▶ [Dataset excerpts]

□ □ □ □

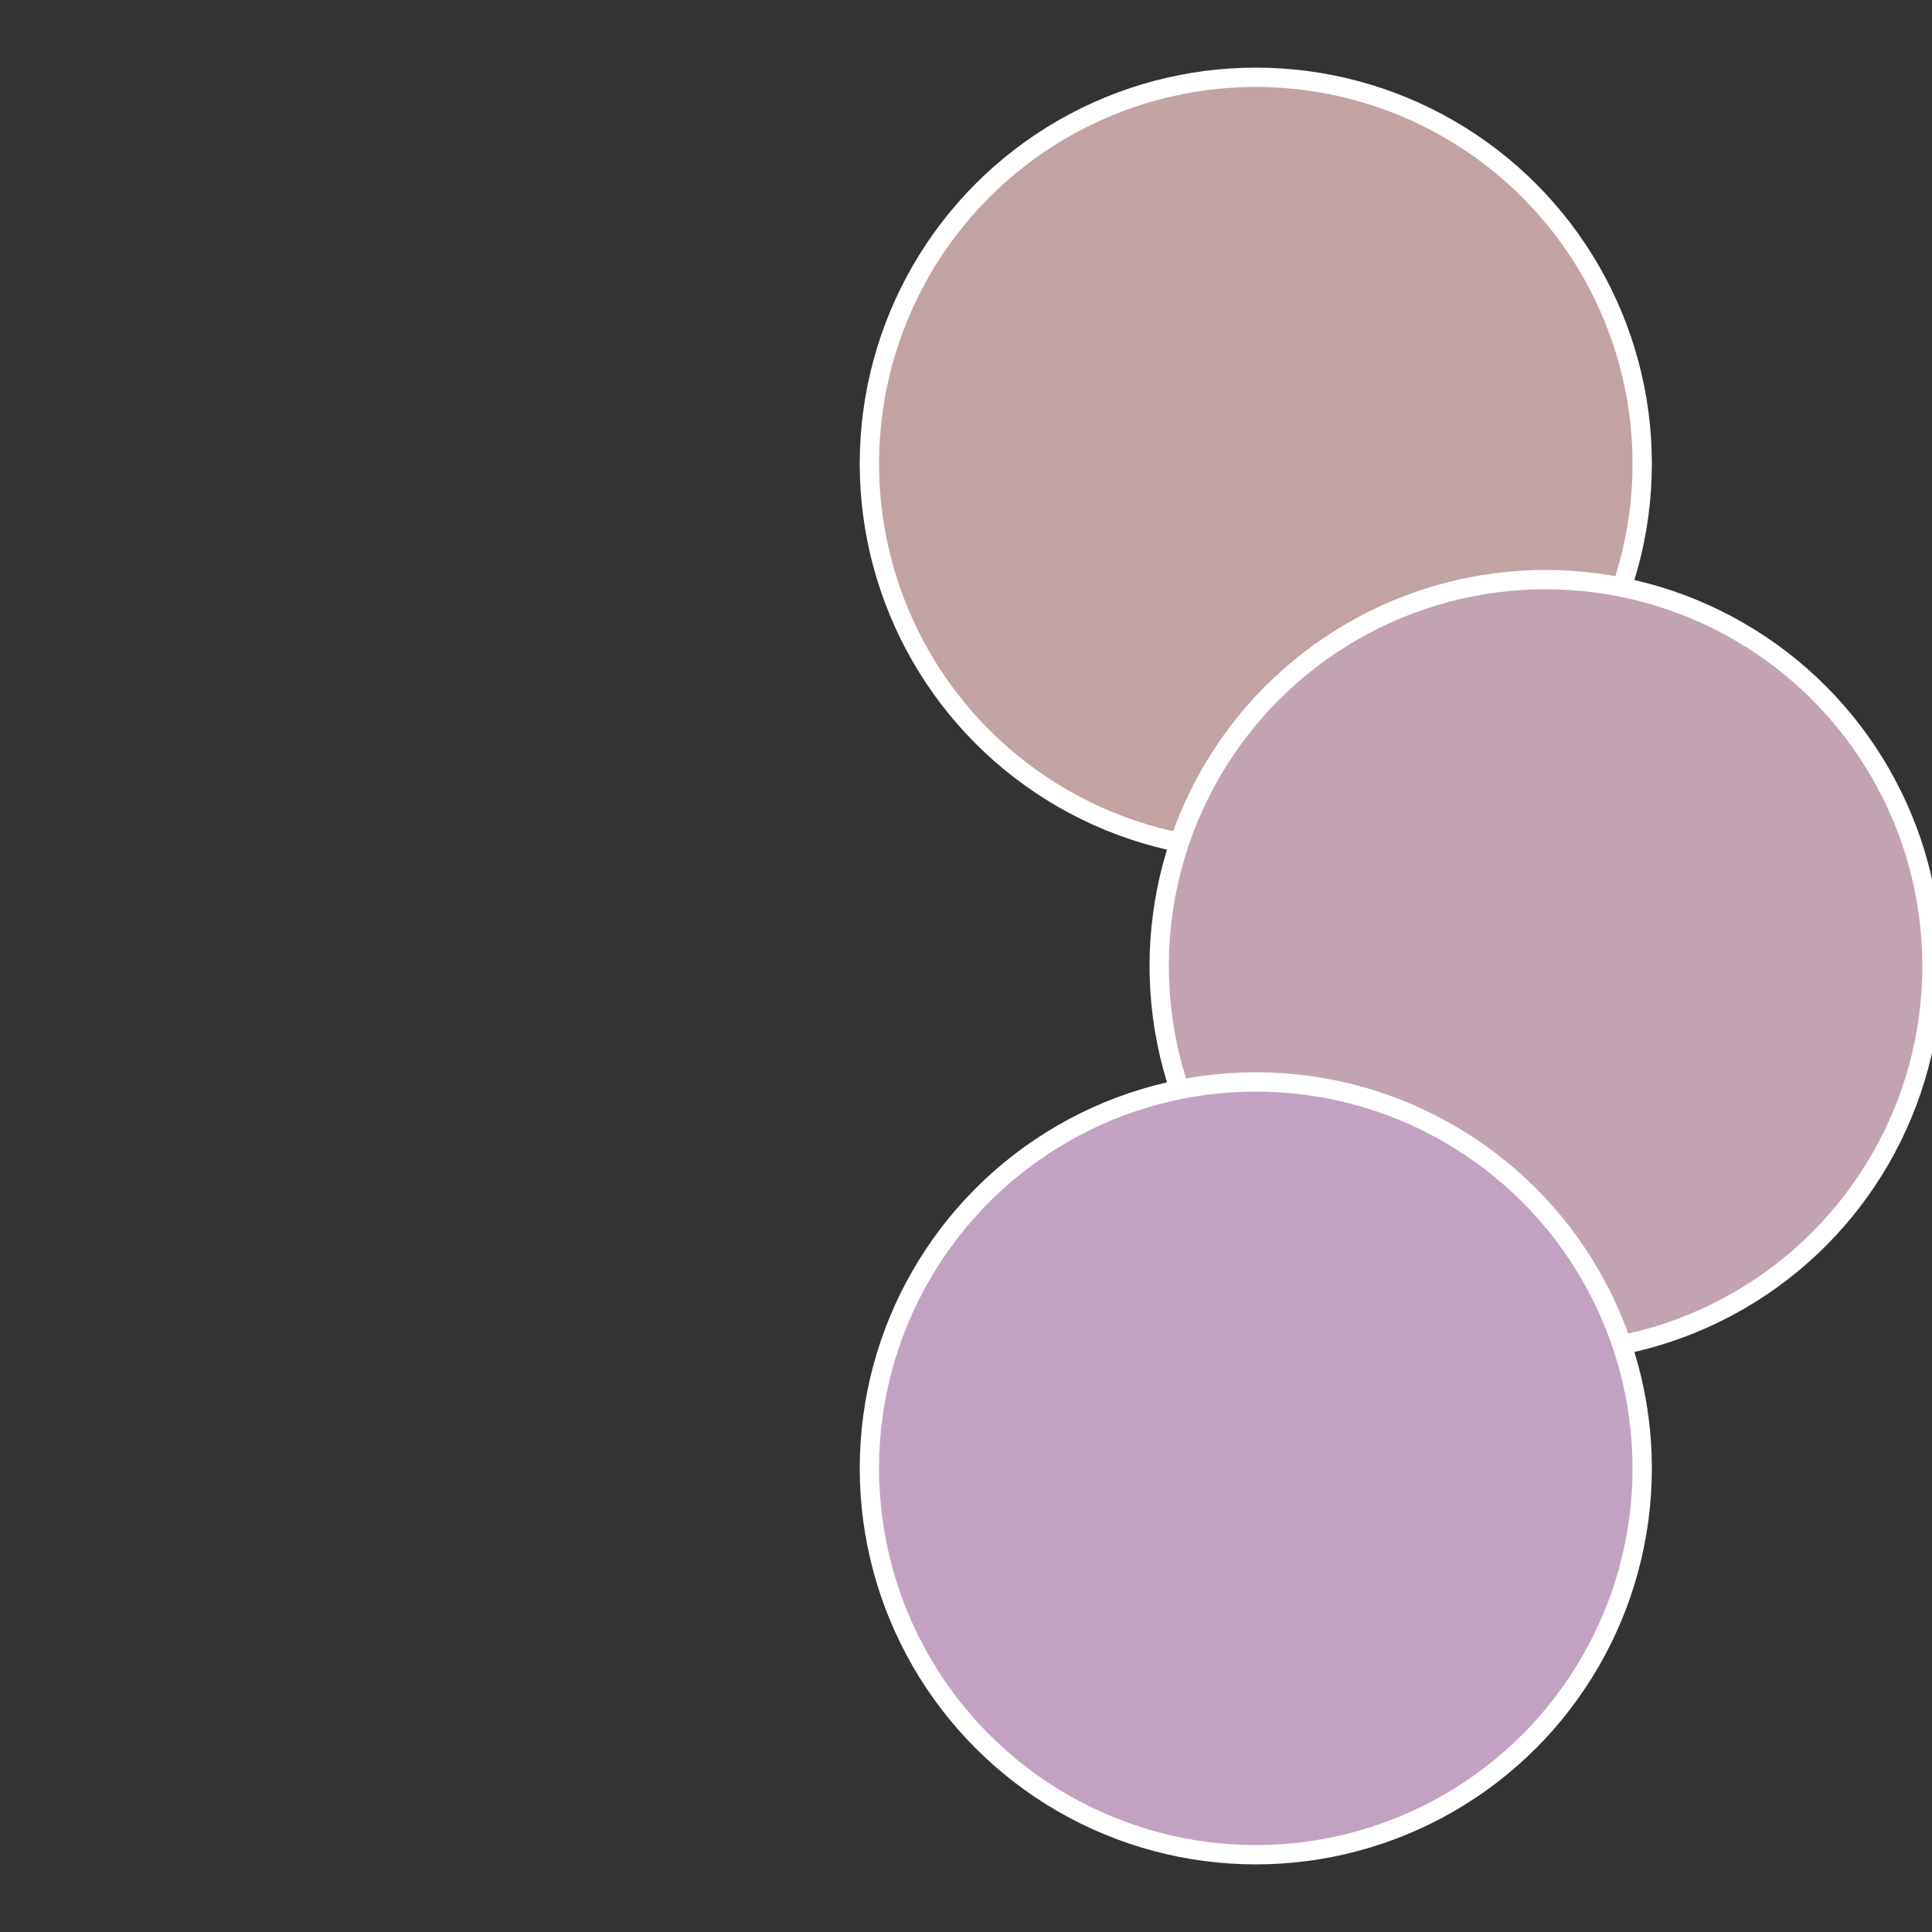 <?xml version="1.0" standalone="no"?>
<svg width="500" height="500" viewBox="-1 -1 2 2" xmlns="http://www.w3.org/2000/svg">
 
                <rect x="-1" y="-1" width="2" height="2" fill="#333333" stroke="none"/>
 
                <circle cx="0.3" cy="-0.52" r="0.4" fill="#c1a3a3" stroke="#fff" stroke-width="1%" />
             
                <circle cx="0.6" cy="0" r="0.4" fill="#c1a3b2" stroke="#fff" stroke-width="1%" />
             
                <circle cx="0.3" cy="0.52" r="0.4" fill="#c1a3c1" stroke="#fff" stroke-width="1%" />
            </svg>

□ □ □ □

▶ [Task] Scan the listing for the string "height". Copy each line that has it.

▶ [Written response]
<svg width="500" height="500" viewBox="-1 -1 2 2" xmlns="http://www.w3.org/2000/svg">
                <rect x="-1" y="-1" width="2" height="2" fill="#333333" stroke="none"/>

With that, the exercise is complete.